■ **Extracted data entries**
──────

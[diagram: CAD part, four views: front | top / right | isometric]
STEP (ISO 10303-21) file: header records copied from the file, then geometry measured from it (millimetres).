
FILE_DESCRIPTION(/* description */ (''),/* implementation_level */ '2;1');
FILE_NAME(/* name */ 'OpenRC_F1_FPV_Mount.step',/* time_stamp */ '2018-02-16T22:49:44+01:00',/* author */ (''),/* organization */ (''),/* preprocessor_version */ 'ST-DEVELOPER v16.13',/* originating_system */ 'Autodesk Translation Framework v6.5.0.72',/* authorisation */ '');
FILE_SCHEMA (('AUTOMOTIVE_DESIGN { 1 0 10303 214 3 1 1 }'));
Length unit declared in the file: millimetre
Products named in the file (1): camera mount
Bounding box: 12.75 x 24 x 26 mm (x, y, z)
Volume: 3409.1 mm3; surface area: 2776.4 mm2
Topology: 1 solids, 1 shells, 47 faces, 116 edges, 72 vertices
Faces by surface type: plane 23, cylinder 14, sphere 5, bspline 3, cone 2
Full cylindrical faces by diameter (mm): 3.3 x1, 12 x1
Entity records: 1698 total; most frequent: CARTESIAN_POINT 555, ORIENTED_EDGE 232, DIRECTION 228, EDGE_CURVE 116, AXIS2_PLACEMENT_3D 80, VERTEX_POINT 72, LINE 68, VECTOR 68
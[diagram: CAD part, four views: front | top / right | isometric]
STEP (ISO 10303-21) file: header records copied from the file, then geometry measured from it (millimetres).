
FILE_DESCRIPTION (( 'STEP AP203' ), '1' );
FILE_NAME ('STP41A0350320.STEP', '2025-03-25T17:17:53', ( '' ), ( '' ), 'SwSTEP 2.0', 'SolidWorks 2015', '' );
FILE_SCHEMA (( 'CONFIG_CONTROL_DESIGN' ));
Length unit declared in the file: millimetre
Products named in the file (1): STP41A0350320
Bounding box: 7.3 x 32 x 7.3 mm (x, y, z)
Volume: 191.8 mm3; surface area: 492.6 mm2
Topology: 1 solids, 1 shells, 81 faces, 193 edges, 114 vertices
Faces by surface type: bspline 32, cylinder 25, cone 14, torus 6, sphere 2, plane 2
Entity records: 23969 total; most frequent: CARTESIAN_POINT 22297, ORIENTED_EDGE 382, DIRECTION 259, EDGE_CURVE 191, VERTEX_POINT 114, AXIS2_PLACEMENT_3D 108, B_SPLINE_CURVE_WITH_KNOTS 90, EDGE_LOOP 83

──────

■ **Brief**
Once more, write out the records exactly as they are.

■ **Answer to this exercise**
[diagram: CAD part, four views: front | top / right | isometric]
STEP (ISO 10303-21) file: header records copied from the file, then geometry measured from it (millimetres).
FILE_DESCRIPTION(/* description */ (''),/* implementation_level */ '2;1');
FILE_NAME(/* name */ 'OpenRC_F1_FPV_Mount.step',/* time_stamp */ '2018-02-16T22:49:44+01:00',/* author */ (''),/* organization */ (''),/* preprocessor_version */ 'ST-DEVELOPER v16.13',/* originating_system */ 'Autodesk Translation Framework v6.5.0.72',/* authorisation */ '');
FILE_SCHEMA (('AUTOMOTIVE_DESIGN { 1 0 10303 214 3 1 1 }'));
Length unit declared in the file: millimetre
Products named in the file (1): camera mount
Bounding box: 12.75 x 24 x 26 mm (x, y, z)
Volume: 3409.1 mm3; surface area: 2776.4 mm2
Topology: 1 solids, 1 shells, 47 faces, 116 edges, 72 vertices
Faces by surface type: plane 23, cylinder 14, sphere 5, bspline 3, cone 2
Full cylindrical faces by diameter (mm): 3.3 x1, 12 x1
Entity records: 1698 total; most frequent: CARTESIAN_POINT 555, ORIENTED_EDGE 232, DIRECTION 228, EDGE_CURVE 116, AXIS2_PLACEMENT_3D 80, VERTEX_POINT 72, LINE 68, VECTOR 68
[diagram: CAD part, four views: front | top / right | isometric]
STEP (ISO 10303-21) file: header records copied from the file, then geometry measured from it (millimetres).
FILE_DESCRIPTION (( 'STEP AP203' ), '1' );
FILE_NAME ('STP41A0350320.STEP', '2025-03-25T17:17:53', ( '' ), ( '' ), 'SwSTEP 2.0', 'SolidWorks 2015', '' );
FILE_SCHEMA (( 'CONFIG_CONTROL_DESIGN' ));
Length unit declared in the file: millimetre
Products named in the file (1): STP41A0350320
Bounding box: 7.3 x 32 x 7.3 mm (x, y, z)
Volume: 191.8 mm3; surface area: 492.6 mm2
Topology: 1 solids, 1 shells, 81 faces, 193 edges, 114 vertices
Faces by surface type: bspline 32, cylinder 25, cone 14, torus 6, sphere 2, plane 2
Entity records: 23969 total; most frequent: CARTESIAN_POINT 22297, ORIENTED_EDGE 382, DIRECTION 259, EDGE_CURVE 191, VERTEX_POINT 114, AXIS2_PLACEMENT_3D 108, B_SPLINE_CURVE_WITH_KNOTS 90, EDGE_LOOP 83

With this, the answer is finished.